For calculated columns that end up stored in a data model table, there is rarely a difference in performance, storage or report query speed based on the technique used to calculate the column value. In cases where there is a technical advantage, the decision should be clear – use the most optimal method that is feasible. In the majority of cases where there is no strong technical argument for one method or the other, use the method that simplifies development and maintenance, and offers more control.

You should have a standard method for managing calculated columns, so you know how to maintain them down the road. This might seem trivial so why does it matter so much?

The data model schema is the foundation for your reporting solution and making changes after the rest of the solution is designed can be catastrophic if you don’t plan and manage future changes. A semantic data model is literally a house of cards. Deleting, renaming or changing the data type for a column could break every calculation and the report visual referencing that column. Whether you should create these calculated values in a source query using hand-written SQL or a database object like a view or user-defined function, in Power Query or as a calculated column using DAX – that will depend on who maintains the Power BI or SSAS model and who should manage the design in the future.

SQL and Database Objects

As a general rule of thumb, in formal SSAS projects built on a relational data mart or data warehouse that is managed by the same project team as the BI data model, I typically recommend that every table in the model import data from a corresponding view or UDF stored and managed in the relational database. Keep in mind that is the way we’ve been designing Microsoft BI projects for several years. Performing simple tasks like renaming columns in the SSAS data model designer was slow and cumbersome. Performing this part of the data prep in T-SQL was much easier than in SSDT. With the recent advent of Power Query in SQL Server Data Tools, there is a good argument to be made for managing those transformations but the tool is still new and frankly I’m still testing the water. Again, keep changes in one place for future maintenance.

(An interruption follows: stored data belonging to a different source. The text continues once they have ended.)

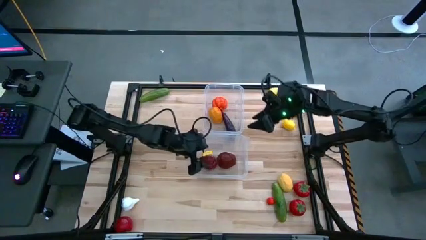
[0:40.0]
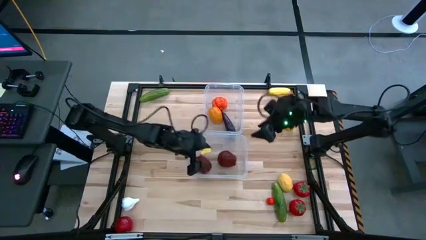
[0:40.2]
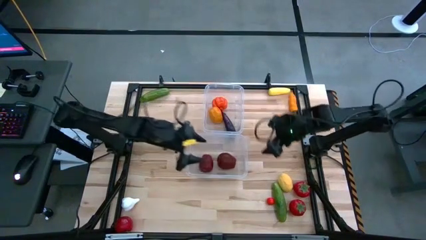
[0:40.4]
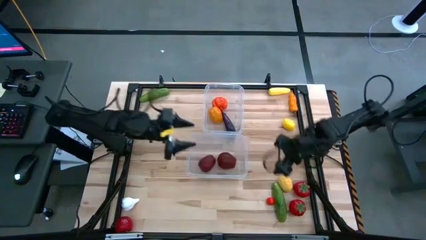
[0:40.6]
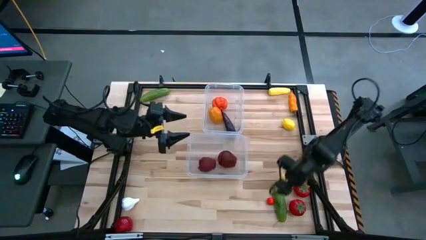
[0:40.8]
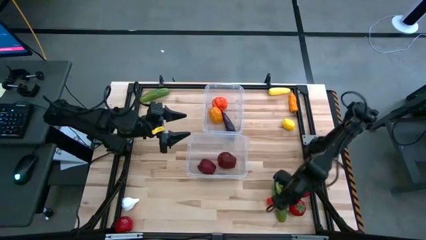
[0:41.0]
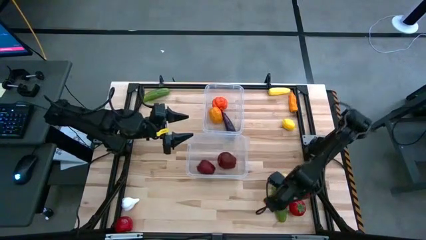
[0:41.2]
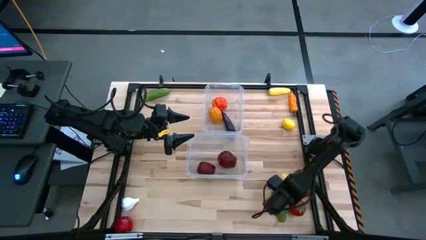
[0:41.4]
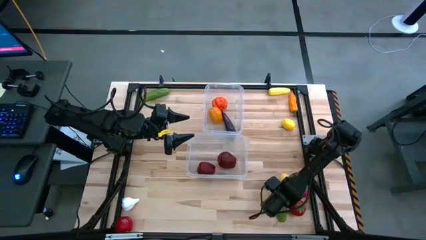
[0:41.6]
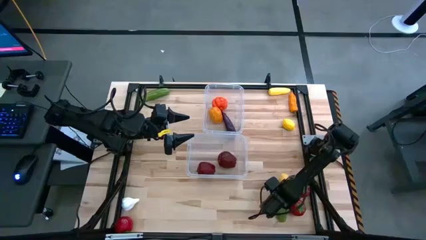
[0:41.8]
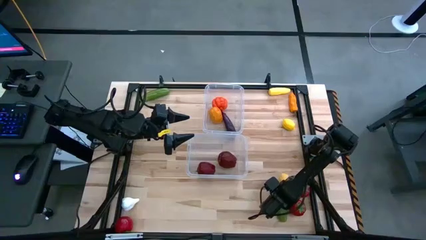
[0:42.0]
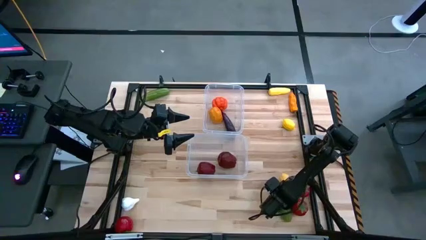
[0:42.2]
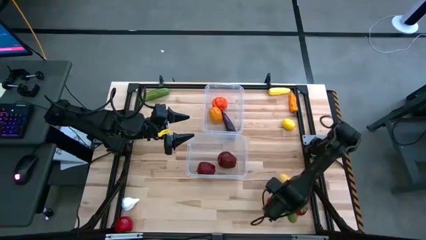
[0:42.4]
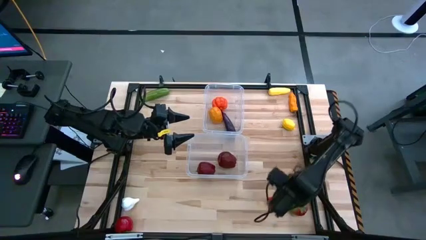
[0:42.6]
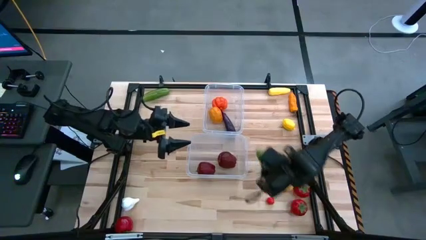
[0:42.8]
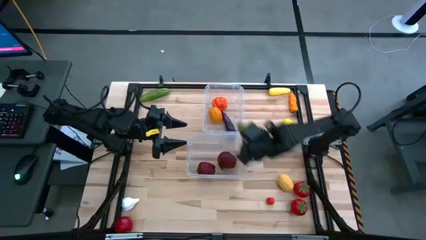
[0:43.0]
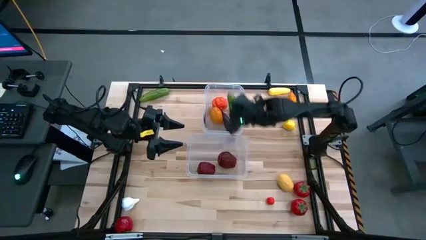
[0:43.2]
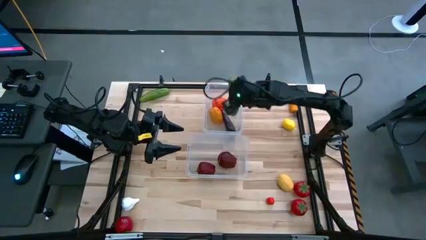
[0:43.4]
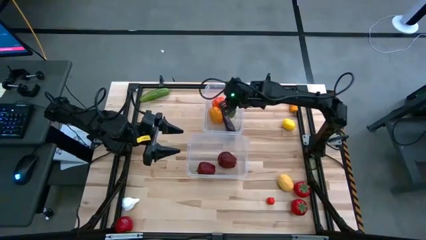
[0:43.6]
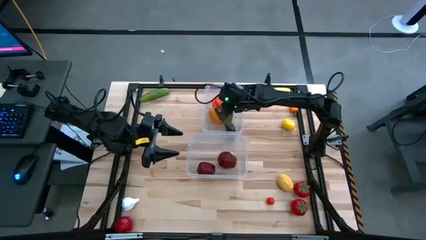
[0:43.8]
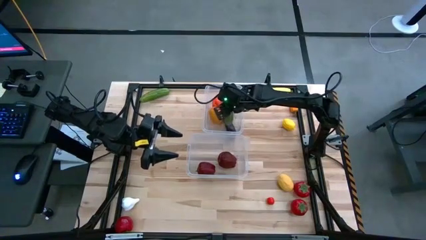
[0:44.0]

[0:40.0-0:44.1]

Do your absolute best to avoid writing complex SQL query logic that cannot be traced back to the sources. Complicated queries can become a black box – and a Pandora’s box if they aren’t documented, annotated and easy to decipher.

Power Query/M

For less formal projects in Power BI data models, Power Query is king. We’ve never had a tool so flexible and easy to use. If I’m importing data from multiple sources into a single model, you bet I’m going to use Power Query instead of SQL queries because I’ll know where to find and manage all the query definitions.

DAX Calculated Columns

Why not use DAX calculated columns? There is a good argument for using DAX. It’s quick and easy, and sometime more convenient. If I add a custom column to a multi-million row table defined in Power Query, I have to re-process the table to see the new column. If I use DAX, I don’t have to wait. If the calculation relies on a DAX calculation residing in the rest of the model, DAX is the clear winner. These cases are less common though. Once again, I’ll make the argument to manage calculations, as much as possible, in one place.

IT Process, Business Culture, Team Dynamics, Rules & Restrictions

Now that you have some clear criteria for always implementing column calculation in either SQL, Power Query or DAX; let me inject some reality back into the “it depends or it matters” equation.

I do my best to put cynicism aside and focus on what it takes to get IT projects over the finish line. I’ve found that good BI project practitioners positive, optimistic and tough skinned; although there are many forces at work to change this disposition. If you know what I mean, no further explanation is needed. If you don’t, you will. Wherever you choose to work, just do what you can to maintain your perspective throughout your career.

I’ll give one example that represents situations I’ve encountered on several larger, formal BI projects over the years:

The BI project Architect, Database Administrator, Lead Developer and IT Director all agree that any schema dependencies on the data warehouse or data mart should be managed using database views. This is a paramount rule in the solution architecture. The SSAS data model and Power BI data model developers should import tables from these views. The team is using a pure Agile mythology and will use JIRA to manage and assign tasks performed in two-week team sprints.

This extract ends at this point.